--- INPUT DATA ---

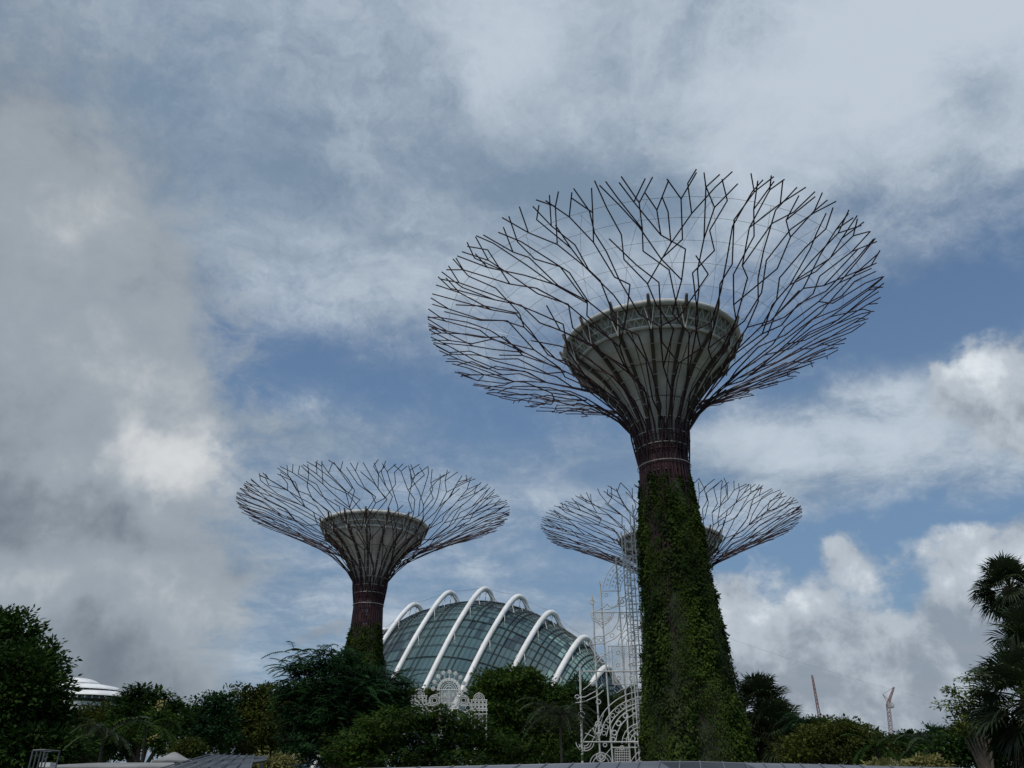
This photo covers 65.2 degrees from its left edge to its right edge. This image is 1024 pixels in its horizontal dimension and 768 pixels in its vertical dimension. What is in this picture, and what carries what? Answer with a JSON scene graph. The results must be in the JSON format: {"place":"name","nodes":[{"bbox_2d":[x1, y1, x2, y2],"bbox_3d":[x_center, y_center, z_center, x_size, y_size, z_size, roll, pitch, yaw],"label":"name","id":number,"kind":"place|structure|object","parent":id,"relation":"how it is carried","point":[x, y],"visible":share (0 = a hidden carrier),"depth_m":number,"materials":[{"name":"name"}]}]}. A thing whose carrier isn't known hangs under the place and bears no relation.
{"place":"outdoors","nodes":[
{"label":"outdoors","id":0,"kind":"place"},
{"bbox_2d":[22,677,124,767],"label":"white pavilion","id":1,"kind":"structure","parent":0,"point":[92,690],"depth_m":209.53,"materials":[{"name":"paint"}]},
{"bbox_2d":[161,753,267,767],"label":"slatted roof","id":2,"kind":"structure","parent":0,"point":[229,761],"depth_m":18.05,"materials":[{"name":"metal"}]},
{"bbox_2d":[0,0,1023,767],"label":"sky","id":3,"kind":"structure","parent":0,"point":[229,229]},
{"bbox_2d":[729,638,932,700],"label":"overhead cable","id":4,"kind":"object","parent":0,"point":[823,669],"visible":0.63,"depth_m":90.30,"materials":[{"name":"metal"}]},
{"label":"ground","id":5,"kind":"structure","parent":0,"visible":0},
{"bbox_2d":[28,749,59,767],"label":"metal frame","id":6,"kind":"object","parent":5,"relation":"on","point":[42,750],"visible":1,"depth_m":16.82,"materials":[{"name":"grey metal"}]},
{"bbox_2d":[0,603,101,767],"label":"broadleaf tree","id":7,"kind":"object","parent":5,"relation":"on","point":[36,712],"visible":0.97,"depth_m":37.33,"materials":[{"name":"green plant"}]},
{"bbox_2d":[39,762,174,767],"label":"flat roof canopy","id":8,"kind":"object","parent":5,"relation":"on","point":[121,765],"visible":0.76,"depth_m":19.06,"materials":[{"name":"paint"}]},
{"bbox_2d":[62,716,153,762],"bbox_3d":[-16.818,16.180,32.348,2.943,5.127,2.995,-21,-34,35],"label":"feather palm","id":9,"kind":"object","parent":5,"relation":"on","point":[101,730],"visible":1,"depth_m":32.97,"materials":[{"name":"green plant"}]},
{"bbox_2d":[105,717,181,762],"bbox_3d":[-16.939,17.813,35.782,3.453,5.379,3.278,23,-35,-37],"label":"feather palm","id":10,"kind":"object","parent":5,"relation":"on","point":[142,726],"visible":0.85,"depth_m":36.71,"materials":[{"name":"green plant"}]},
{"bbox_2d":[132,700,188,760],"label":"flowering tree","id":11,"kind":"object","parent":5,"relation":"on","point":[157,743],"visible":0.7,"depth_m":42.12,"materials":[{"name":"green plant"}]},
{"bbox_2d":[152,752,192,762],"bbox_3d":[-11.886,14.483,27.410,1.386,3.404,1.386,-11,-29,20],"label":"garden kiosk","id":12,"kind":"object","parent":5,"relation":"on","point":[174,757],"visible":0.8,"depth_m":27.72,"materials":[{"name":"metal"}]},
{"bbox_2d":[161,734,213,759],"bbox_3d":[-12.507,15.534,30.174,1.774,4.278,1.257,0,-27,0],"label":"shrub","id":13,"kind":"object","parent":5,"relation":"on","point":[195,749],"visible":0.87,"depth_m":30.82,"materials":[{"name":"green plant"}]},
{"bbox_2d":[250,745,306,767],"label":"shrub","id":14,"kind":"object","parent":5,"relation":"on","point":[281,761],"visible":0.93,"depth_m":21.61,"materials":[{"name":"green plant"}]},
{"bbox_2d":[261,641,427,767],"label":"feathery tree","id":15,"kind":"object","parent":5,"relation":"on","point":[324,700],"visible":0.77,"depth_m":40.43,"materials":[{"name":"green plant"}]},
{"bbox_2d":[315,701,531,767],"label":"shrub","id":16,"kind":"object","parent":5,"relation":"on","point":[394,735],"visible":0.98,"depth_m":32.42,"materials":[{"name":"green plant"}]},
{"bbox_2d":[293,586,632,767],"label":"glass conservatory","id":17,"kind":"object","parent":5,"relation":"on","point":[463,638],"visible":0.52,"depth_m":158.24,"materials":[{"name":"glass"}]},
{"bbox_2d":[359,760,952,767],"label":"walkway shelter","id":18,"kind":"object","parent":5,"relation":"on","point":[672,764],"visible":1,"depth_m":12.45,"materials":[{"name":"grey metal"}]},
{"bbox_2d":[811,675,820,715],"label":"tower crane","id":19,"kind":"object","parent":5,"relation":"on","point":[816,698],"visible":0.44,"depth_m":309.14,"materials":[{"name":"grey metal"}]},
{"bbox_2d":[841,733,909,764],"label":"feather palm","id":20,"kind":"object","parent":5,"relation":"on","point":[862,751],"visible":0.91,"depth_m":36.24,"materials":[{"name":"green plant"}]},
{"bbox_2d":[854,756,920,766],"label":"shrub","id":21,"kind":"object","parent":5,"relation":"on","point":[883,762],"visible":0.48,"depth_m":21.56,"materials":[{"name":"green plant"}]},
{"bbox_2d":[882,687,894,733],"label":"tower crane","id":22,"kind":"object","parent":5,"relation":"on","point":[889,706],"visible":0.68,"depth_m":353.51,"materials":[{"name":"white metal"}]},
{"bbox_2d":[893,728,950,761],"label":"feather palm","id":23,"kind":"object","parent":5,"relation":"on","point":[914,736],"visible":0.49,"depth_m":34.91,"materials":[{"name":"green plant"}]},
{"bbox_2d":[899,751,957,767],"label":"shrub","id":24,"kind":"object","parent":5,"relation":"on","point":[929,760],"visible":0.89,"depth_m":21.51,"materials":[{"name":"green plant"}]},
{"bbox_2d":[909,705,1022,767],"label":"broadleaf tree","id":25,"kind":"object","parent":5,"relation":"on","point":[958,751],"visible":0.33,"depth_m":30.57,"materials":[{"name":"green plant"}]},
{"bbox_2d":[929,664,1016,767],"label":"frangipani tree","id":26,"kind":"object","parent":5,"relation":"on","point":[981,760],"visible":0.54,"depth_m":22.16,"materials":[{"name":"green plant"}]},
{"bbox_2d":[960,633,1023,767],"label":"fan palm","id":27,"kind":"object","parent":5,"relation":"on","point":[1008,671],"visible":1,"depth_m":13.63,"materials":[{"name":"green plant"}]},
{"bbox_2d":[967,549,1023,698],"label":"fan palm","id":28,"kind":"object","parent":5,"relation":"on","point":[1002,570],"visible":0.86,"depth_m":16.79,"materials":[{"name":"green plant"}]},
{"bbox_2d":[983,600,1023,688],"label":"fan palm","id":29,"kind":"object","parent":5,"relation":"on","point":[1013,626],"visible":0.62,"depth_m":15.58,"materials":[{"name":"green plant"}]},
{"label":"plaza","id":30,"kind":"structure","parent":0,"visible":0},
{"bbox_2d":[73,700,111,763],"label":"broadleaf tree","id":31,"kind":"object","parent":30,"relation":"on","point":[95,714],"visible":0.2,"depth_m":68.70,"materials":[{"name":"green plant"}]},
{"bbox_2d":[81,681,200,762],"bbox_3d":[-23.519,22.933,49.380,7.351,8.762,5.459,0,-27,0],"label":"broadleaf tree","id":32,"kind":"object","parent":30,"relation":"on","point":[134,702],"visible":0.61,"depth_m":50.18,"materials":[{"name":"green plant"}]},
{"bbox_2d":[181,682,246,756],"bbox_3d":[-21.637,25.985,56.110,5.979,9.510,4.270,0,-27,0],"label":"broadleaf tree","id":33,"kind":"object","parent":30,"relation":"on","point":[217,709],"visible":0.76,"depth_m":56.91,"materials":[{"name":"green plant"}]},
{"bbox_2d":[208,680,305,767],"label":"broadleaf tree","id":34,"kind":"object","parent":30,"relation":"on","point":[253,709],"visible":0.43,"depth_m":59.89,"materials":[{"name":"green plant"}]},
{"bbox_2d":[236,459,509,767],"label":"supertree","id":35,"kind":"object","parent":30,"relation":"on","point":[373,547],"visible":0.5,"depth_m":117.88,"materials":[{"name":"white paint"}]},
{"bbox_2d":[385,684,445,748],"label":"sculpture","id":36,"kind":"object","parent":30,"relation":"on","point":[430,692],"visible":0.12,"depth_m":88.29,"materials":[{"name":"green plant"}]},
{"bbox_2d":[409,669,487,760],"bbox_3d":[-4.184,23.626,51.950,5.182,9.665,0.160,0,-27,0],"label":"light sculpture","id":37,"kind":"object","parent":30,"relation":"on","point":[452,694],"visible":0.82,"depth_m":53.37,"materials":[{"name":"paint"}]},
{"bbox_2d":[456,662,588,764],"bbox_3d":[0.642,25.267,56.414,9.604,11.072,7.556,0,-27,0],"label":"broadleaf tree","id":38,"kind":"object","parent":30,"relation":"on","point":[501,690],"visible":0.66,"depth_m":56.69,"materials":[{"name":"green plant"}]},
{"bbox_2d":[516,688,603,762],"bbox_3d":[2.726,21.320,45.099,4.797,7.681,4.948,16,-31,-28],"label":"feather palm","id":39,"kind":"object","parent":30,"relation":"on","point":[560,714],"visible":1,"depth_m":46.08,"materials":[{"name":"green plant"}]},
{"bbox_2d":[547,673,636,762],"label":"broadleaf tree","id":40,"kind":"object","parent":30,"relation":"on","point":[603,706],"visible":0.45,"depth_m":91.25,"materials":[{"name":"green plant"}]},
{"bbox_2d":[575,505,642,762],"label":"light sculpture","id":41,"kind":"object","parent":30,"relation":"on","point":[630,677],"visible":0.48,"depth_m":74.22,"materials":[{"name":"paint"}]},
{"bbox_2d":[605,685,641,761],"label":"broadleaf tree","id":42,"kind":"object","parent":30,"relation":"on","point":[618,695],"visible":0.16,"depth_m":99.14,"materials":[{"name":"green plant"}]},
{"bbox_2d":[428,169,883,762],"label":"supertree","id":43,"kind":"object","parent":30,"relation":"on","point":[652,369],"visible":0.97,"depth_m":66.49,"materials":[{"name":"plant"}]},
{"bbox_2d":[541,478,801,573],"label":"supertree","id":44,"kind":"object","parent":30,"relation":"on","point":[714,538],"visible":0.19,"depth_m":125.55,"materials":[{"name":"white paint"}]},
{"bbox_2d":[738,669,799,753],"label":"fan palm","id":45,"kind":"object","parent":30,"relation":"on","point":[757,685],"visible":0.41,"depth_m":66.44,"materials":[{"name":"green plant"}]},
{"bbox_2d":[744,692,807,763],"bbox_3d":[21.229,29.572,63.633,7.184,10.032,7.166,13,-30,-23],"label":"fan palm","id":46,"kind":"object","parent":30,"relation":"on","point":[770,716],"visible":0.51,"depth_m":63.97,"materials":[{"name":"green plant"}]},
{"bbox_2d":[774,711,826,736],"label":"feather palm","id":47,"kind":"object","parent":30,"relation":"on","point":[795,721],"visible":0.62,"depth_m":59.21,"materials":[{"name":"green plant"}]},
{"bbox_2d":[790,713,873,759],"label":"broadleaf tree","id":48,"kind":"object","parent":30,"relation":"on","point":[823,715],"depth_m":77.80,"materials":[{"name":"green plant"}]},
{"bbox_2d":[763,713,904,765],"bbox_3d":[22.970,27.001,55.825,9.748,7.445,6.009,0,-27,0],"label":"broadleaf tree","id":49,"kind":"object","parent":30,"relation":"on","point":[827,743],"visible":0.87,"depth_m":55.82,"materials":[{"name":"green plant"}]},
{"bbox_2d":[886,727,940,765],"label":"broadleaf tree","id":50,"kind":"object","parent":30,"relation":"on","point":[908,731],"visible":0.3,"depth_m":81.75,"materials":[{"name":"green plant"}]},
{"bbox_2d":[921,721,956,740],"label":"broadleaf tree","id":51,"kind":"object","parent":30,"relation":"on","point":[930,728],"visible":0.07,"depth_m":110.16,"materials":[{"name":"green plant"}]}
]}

--- DIRECTIONS ---
For this exercise, gather every line of the data that contains the word "outdoors".

--- EXERCISE SOLUTION ---
{"place":"outdoors","nodes":[
{"label":"outdoors","id":0,"kind":"place"},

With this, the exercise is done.